After implementing Directive 060, Upstream Petroleum Industry Flaring, Incinerating, and Venting in 2002, Alberta became a world leader in conserving "associated" gas, now conserving 94-97 per cent of volumes.
Canadian and U.S. leaders recently committed to reduce methane emissions by 40-45 per cent from the oil and gas sector by 2025. The industry is looking to new technologies and new frameworks to manage the remaining three to four percent not currently conserved.
“That last three per cent of gas [is] very small volumes that are distributed over large areas, so it becomes a very complex problem,” Gerald Palanca, manager, regulatory effectiveness at the Alberta Energy Regulator (AER) told a speaker series event last week called Innovate Straight: Methane Emission Reduction.
The event was hosted by Calgary Economic Development and Kinetica Ventures, an energy industry technology accelerator.
“That gas is not going to be economic to conserve, so the landscape is changing. We have a suite of directives that potentially could change moving forward to address the methane policy.”

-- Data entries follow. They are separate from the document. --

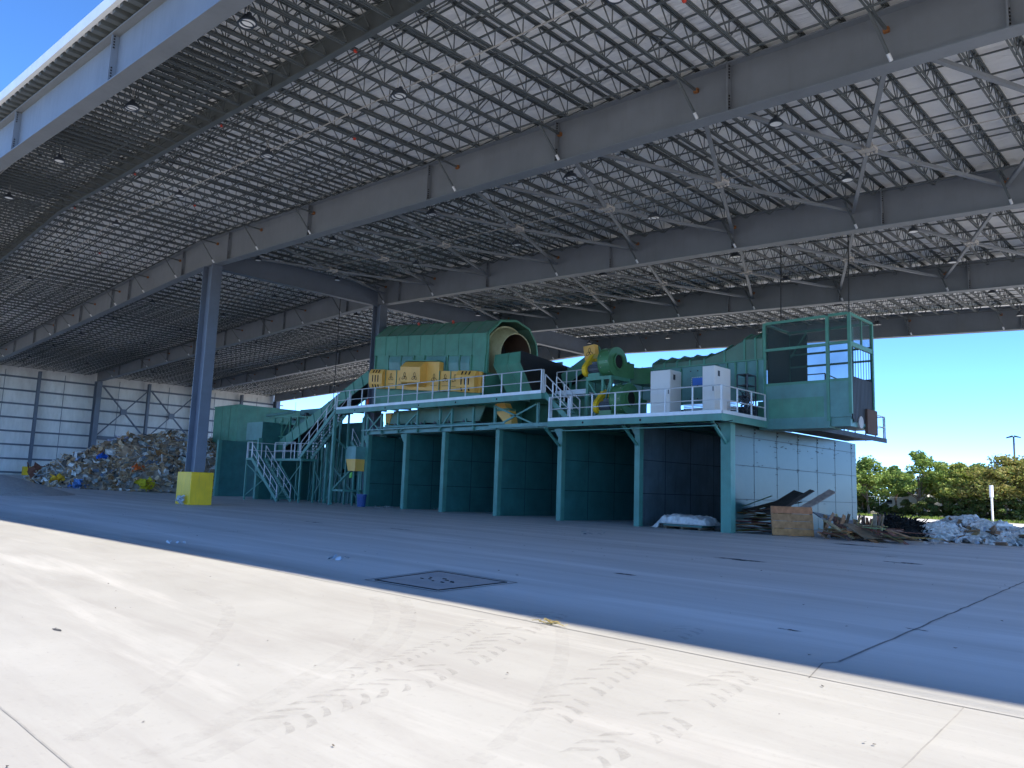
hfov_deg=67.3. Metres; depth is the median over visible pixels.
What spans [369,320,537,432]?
drum screen
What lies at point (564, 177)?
ceiling lamp
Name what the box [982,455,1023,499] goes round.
tree
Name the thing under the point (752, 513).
plank
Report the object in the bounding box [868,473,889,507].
tree
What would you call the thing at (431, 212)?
ceiling lamp
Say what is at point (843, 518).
plank
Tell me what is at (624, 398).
blower
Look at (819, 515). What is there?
grey sheet
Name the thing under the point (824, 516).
plank
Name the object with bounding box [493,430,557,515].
bunker wall
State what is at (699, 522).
wrapped pallet
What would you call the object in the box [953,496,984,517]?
bush
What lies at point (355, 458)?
tipping bin
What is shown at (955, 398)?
sky
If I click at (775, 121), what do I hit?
ceiling lamp
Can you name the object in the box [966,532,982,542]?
film bundle
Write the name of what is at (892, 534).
plank
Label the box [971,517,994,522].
film bundle
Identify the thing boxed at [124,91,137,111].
ceiling lamp
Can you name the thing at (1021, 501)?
bush
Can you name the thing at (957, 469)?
tree
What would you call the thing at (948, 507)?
bush
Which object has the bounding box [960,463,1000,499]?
tree
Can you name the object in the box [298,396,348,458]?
stair
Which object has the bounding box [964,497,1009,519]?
bush
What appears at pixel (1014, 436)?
street lamp
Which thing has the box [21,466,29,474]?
concrete base
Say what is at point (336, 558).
litter
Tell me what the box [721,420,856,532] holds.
bunker wall
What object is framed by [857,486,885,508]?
tree
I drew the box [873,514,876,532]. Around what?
plank
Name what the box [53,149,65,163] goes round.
ceiling lamp
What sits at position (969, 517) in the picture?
film bundle
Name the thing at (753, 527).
plank
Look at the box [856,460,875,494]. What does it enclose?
tree
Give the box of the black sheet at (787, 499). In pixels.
[762,490,802,514]
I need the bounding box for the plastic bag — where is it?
[175,495,184,504]
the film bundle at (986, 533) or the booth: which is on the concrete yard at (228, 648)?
the film bundle at (986, 533)
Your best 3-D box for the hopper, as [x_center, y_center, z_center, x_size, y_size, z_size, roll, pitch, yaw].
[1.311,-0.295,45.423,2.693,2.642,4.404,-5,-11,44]
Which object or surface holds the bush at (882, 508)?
on the grass verge
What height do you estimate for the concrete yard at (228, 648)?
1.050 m
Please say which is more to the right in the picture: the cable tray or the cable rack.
the cable rack
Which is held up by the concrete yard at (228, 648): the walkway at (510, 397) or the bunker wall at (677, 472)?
the bunker wall at (677, 472)
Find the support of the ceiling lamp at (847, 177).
hanging from the steel hall
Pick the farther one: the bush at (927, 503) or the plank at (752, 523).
the bush at (927, 503)
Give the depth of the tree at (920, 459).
82.92 m
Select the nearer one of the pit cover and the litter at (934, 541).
the pit cover
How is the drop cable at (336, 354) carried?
hanging from the steel hall
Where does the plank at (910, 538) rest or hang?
on the plank
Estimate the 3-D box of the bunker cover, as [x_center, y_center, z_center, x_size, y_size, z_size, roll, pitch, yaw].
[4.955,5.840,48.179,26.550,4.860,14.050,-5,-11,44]
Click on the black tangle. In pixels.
(898, 521)
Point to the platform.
(576, 391)
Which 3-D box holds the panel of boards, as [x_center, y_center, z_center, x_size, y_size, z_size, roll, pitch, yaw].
[11.749,5.762,32.266,1.759,1.234,0.290,2,-8,1]
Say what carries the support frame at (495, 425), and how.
on the concrete yard at (228, 648)
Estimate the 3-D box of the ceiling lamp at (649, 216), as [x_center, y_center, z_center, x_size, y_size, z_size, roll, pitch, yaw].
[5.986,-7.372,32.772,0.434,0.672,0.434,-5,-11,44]
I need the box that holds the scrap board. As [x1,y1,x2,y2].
[49,473,64,483]
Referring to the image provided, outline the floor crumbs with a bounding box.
[6,509,1002,766]
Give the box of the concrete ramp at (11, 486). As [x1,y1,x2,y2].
[0,475,74,495]
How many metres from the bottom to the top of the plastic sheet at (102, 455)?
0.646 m
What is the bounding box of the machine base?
[307,422,414,504]
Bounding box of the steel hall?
[0,0,1023,493]
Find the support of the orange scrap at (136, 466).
on the waste heap at (160, 456)
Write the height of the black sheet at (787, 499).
1.141 m
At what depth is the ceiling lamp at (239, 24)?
19.84 m
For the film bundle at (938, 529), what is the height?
0.781 m
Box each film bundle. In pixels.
[918,523,955,541]
[925,531,941,540]
[932,520,961,534]
[939,514,978,521]
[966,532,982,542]
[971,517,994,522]
[971,520,1001,530]
[980,531,991,543]
[991,530,1018,545]
[995,520,1008,523]
[1011,529,1023,545]
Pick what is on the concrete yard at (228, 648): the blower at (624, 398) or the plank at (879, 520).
the plank at (879, 520)
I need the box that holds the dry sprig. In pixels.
[536,618,563,625]
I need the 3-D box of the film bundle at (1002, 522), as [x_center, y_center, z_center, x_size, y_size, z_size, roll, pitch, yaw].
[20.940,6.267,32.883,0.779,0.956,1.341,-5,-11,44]
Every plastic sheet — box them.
[67,479,88,488]
[96,452,107,458]
[107,435,128,440]
[134,477,155,490]
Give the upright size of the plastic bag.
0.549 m
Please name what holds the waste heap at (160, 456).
on the concrete yard at (228, 648)
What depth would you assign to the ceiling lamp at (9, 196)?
36.86 m
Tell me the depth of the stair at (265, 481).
57.00 m
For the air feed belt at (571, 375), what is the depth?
45.06 m
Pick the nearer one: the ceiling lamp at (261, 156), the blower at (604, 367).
the ceiling lamp at (261, 156)
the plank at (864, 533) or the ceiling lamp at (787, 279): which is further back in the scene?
the ceiling lamp at (787, 279)
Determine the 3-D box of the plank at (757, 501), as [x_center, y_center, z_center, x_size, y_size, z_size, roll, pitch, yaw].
[10.552,5.343,34.181,1.931,0.833,0.346,-2,-8,25]
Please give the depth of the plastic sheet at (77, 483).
65.70 m
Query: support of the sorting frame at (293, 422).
on the machine base
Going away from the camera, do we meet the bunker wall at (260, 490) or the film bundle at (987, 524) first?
the film bundle at (987, 524)
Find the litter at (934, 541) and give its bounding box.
[923,540,948,543]
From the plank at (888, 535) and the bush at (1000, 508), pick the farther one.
the bush at (1000, 508)
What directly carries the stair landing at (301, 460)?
on the concrete yard at (228, 648)
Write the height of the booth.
5.200 m
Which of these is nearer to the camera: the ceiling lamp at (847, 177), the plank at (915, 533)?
the ceiling lamp at (847, 177)
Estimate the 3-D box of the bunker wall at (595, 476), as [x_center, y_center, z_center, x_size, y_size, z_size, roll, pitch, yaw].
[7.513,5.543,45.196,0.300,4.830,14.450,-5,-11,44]
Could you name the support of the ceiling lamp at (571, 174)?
hanging from the steel hall
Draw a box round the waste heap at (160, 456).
[23,429,216,492]
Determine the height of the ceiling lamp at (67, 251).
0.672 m
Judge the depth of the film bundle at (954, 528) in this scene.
32.01 m
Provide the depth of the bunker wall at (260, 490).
62.31 m
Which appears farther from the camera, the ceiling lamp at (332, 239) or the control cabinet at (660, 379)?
the ceiling lamp at (332, 239)
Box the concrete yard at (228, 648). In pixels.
[0,474,1023,767]
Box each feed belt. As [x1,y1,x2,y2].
[278,370,368,503]
[336,429,403,472]
[561,346,600,415]
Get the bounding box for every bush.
[857,494,875,513]
[873,503,895,513]
[891,499,917,515]
[910,496,940,516]
[929,496,967,516]
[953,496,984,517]
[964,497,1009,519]
[990,496,1023,519]
[1007,496,1023,520]
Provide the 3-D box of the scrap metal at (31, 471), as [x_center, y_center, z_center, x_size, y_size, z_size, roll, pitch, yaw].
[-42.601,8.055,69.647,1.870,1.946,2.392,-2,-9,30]
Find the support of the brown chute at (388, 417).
attached to the drum belt at (431, 416)
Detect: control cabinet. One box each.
[650,370,680,412]
[703,365,730,410]
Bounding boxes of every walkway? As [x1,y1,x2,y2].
[336,369,555,414]
[544,384,791,446]
[792,415,886,442]
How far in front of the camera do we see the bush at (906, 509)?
83.93 m
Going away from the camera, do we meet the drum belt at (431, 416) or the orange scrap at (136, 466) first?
the drum belt at (431, 416)
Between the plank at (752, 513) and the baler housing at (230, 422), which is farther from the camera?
the baler housing at (230, 422)
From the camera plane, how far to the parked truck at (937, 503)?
87.19 m
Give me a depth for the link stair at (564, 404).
39.64 m
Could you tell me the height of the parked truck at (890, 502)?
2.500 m
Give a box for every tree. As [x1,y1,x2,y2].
[856,455,904,513]
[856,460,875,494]
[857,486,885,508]
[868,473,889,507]
[876,470,916,500]
[880,465,915,505]
[884,450,953,515]
[914,462,962,515]
[931,462,984,509]
[952,453,1023,515]
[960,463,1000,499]
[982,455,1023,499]
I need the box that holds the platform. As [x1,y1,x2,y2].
[555,369,595,417]
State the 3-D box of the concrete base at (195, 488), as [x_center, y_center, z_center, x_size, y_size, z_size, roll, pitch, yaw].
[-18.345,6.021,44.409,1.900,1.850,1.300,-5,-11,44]
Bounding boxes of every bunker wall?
[213,440,324,497]
[253,438,324,499]
[363,435,403,506]
[400,433,441,508]
[438,432,495,511]
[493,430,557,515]
[556,428,634,520]
[634,424,720,525]
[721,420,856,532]
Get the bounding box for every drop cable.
[332,299,340,411]
[780,246,781,320]
[847,235,849,311]
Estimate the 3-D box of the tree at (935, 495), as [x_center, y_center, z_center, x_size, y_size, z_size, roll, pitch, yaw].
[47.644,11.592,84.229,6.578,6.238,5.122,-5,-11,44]
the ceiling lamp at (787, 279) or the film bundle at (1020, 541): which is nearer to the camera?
the film bundle at (1020, 541)
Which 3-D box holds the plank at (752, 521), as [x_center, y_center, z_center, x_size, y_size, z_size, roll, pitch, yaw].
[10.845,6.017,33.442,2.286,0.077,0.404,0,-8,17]
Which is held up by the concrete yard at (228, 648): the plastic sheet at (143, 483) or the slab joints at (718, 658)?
the slab joints at (718, 658)
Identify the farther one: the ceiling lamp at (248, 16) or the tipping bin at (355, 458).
the tipping bin at (355, 458)
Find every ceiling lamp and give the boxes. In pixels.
[4,185,13,199]
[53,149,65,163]
[64,246,71,253]
[112,213,120,225]
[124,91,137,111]
[125,89,139,110]
[174,182,184,197]
[237,6,253,29]
[240,4,256,27]
[254,255,261,261]
[260,140,271,158]
[262,145,273,158]
[329,234,336,241]
[390,76,403,100]
[393,75,407,98]
[428,208,436,215]
[513,239,521,245]
[563,171,573,180]
[566,170,577,179]
[606,0,622,3]
[647,203,656,219]
[650,203,659,219]
[732,252,740,257]
[768,106,782,127]
[783,276,790,281]
[841,171,853,182]
[908,225,918,233]
[947,257,957,263]
[987,290,996,294]
[1016,305,1023,316]
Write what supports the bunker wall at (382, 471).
on the concrete yard at (228, 648)
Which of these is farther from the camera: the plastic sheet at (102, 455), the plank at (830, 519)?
the plastic sheet at (102, 455)
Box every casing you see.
[522,367,607,428]
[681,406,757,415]
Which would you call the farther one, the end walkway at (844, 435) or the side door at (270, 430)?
the side door at (270, 430)
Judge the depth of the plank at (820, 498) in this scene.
33.20 m
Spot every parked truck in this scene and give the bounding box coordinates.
[880,494,928,515]
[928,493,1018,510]
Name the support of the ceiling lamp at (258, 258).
hanging from the steel hall
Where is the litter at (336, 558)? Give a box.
[328,554,349,559]
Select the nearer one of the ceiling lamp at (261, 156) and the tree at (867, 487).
the ceiling lamp at (261, 156)
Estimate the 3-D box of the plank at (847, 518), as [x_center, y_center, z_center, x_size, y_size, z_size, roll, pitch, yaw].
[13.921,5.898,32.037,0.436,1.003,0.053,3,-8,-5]
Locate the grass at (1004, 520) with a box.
[857,512,1023,523]
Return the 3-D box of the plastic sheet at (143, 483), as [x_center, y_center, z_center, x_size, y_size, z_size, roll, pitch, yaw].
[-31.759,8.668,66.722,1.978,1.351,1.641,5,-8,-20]
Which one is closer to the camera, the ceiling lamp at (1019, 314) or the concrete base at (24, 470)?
the ceiling lamp at (1019, 314)
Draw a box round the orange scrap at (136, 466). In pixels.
[131,463,144,471]
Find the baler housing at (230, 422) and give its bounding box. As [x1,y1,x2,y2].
[212,404,299,449]
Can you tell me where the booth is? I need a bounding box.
[759,312,877,435]
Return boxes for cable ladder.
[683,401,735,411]
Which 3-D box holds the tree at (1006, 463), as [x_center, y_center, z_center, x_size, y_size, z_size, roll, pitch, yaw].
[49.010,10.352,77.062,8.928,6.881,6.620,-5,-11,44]
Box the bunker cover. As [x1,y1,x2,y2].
[378,422,848,442]
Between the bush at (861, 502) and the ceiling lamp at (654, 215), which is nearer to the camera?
the ceiling lamp at (654, 215)
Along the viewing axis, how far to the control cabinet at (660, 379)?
36.25 m
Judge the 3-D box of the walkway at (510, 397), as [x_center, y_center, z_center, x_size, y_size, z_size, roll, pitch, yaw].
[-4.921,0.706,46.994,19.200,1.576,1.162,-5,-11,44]
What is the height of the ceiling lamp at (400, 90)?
0.672 m
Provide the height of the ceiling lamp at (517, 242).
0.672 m
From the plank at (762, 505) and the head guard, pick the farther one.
the head guard
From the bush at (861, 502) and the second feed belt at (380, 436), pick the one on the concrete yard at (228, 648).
the second feed belt at (380, 436)
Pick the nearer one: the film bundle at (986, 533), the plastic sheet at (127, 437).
the film bundle at (986, 533)
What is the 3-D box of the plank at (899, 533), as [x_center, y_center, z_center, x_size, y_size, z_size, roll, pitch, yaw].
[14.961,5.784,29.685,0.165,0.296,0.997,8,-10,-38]
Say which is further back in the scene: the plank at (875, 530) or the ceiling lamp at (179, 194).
the ceiling lamp at (179, 194)
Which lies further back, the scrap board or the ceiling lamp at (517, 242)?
the scrap board
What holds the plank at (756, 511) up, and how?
on the plank
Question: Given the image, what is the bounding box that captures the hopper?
[493,351,567,404]
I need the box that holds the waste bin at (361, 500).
[356,494,366,506]
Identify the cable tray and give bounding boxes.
[551,420,732,431]
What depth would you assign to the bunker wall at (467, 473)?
48.02 m
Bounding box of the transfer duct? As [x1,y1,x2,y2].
[614,367,651,402]
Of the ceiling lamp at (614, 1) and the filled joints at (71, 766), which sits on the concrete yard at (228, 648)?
the filled joints at (71, 766)
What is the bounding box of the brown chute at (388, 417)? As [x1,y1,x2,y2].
[385,413,393,424]
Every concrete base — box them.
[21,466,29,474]
[175,472,213,504]
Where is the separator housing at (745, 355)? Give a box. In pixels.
[651,332,763,416]
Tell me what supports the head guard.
attached to the air feed belt at (571, 375)
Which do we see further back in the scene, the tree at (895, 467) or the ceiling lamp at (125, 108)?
the tree at (895, 467)
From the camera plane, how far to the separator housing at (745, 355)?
36.97 m
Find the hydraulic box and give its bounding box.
[246,422,291,440]
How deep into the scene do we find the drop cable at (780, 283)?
36.93 m
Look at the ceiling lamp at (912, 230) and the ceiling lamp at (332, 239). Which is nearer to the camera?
the ceiling lamp at (912, 230)
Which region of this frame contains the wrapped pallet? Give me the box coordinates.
[651,513,720,530]
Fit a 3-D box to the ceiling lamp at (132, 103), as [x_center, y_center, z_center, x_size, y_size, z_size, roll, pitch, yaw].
[-12.540,-9.469,25.471,0.434,0.672,0.434,-5,-11,44]
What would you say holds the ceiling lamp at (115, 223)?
hanging from the steel hall
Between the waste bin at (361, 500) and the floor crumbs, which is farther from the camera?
the waste bin at (361, 500)
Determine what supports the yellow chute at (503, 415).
on the bunker cover
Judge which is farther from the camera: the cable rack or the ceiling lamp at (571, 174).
the cable rack
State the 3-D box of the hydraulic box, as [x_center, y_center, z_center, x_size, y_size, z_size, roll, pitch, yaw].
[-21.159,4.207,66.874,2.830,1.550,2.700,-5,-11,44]
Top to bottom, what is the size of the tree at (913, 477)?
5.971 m
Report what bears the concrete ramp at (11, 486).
on the concrete yard at (228, 648)
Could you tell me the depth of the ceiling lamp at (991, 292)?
40.73 m
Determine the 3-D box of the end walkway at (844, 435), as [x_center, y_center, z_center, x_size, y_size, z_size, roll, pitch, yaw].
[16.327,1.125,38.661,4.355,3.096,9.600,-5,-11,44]
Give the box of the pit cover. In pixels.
[366,570,517,591]
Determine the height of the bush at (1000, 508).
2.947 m
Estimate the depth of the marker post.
71.51 m
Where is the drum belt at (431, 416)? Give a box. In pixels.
[383,405,488,429]
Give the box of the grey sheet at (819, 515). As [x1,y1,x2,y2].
[812,512,860,523]
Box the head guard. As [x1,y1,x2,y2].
[583,344,598,360]
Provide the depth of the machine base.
60.29 m
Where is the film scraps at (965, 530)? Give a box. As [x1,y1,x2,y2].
[919,517,1023,546]
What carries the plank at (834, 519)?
on the concrete yard at (228, 648)
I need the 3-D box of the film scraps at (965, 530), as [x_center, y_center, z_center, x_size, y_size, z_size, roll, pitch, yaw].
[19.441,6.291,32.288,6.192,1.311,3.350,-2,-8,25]
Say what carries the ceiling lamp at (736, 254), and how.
hanging from the steel hall
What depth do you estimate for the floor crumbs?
11.18 m
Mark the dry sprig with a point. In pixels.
(550, 622)
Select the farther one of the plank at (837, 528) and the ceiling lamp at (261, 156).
the plank at (837, 528)
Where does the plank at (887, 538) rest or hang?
on the plank at (864, 533)
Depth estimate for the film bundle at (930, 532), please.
31.95 m
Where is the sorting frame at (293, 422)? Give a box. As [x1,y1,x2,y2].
[266,408,342,460]
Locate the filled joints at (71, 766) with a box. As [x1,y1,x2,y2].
[0,706,964,767]
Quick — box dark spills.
[52,521,925,631]
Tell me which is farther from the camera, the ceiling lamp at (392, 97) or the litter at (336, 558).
the ceiling lamp at (392, 97)
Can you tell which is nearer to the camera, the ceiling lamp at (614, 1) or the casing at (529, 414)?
the ceiling lamp at (614, 1)
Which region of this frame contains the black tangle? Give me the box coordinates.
[850,512,934,540]
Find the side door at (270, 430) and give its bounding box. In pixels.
[262,422,291,439]
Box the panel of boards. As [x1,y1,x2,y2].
[770,506,813,536]
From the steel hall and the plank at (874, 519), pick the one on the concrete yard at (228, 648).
the steel hall
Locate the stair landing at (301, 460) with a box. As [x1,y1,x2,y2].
[243,442,317,502]
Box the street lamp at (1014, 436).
[1006,435,1020,459]
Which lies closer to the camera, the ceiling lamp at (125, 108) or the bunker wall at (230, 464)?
the ceiling lamp at (125, 108)
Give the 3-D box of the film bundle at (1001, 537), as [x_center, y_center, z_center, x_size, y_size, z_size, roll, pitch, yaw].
[20.167,6.262,31.324,1.442,0.591,0.982,7,-9,-34]
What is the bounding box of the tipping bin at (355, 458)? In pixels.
[346,446,364,505]
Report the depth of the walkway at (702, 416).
35.38 m
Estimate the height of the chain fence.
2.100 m
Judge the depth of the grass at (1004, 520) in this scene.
75.08 m
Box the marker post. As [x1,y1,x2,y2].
[989,485,993,520]
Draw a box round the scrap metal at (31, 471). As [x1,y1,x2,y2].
[27,462,44,478]
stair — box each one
[251,445,290,501]
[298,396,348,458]
[351,429,360,445]
[544,374,580,416]
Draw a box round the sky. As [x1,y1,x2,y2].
[0,0,1023,500]
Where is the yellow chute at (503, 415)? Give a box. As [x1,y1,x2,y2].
[495,403,517,423]
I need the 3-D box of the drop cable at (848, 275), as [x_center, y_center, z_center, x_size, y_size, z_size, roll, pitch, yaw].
[15.075,-5.067,34.434,0.107,4.205,0.054,-5,-11,44]
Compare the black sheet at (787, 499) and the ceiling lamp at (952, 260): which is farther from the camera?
the ceiling lamp at (952, 260)
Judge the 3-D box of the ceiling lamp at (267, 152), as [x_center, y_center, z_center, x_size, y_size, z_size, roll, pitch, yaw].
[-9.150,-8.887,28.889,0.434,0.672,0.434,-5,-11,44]
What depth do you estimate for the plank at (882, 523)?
31.57 m
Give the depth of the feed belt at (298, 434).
58.09 m
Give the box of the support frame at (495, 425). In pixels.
[314,402,550,504]
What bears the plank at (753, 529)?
on the plank
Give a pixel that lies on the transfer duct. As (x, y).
(641, 380)
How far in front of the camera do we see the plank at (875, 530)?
30.14 m
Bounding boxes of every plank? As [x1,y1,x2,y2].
[735,520,770,522]
[736,523,767,524]
[737,512,768,514]
[737,526,770,527]
[737,528,770,530]
[740,501,774,511]
[742,495,771,506]
[743,508,769,513]
[786,489,814,506]
[800,489,835,506]
[821,512,834,536]
[823,514,826,529]
[823,519,854,538]
[833,516,836,537]
[837,514,845,537]
[843,523,881,538]
[844,514,850,529]
[861,527,889,534]
[871,535,903,542]
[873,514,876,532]
[877,514,881,529]
[879,514,883,536]
[883,533,902,540]
[887,530,913,538]
[888,532,908,544]
[895,531,934,534]
[895,534,922,541]
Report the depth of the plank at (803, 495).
33.34 m
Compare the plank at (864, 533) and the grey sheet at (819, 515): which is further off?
the grey sheet at (819, 515)
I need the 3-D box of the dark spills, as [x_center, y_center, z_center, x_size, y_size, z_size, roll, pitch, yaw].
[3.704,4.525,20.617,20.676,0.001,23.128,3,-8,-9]
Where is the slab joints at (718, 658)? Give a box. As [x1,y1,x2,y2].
[2,496,1023,718]
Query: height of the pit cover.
0.022 m
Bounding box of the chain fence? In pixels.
[867,496,1015,520]
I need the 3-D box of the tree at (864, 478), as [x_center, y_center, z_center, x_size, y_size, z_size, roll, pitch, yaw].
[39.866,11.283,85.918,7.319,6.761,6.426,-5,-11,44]
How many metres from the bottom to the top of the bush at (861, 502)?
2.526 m
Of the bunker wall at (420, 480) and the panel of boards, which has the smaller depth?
the panel of boards
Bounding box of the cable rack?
[736,373,756,415]
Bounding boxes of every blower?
[582,347,633,415]
[593,383,646,415]
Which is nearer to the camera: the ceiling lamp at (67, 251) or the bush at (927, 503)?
the ceiling lamp at (67, 251)

Palanca says the AER won’t be surprising industry with any new process.
“We don’t have a draft directive behind the scenes that we are going to impose on industry. The AER is actually proceeding with this regulatory development through a similar multi-stakeholder engagement process [as that used to develop Directive 060 ], and so these solutions are going to be tabled at stakeholder advisory and technical committees. We have some time to develop a custom Alberta-based solution to the methane policy.”
Representatives from producers Encana and Husky Energy said the search for new technologies to meet the new objective is well underway, but more work is needed.
“We have been very active in exploring the options for abatement technologies for methane and we are piloting these technologies,” said Nadia Monaghan, manager, environmental policy at Encana. “Our two areas of focus have been on venting—pneumatics, controllers and pumps as well—and then our fugitives, our leak detection and repair programs.”
Husky has a somewhat different production profile, with a large portion of its production tied up in primary heavy oil production where it has a lot of associated gas, said Matt Beck, the company’s sustainability and innovation co-ordinator. “The vast majority of our methane emissions profile is from that associated gas venting…We have been working with [Kinetica Ventures] and other partners to look at technologies to solve that challenge and it’s a big one. There are geographic challenges in that a lot of those batteries are far away from existing infrastructure, so traditional gas conservation solutions aren’t necessarily in the money.”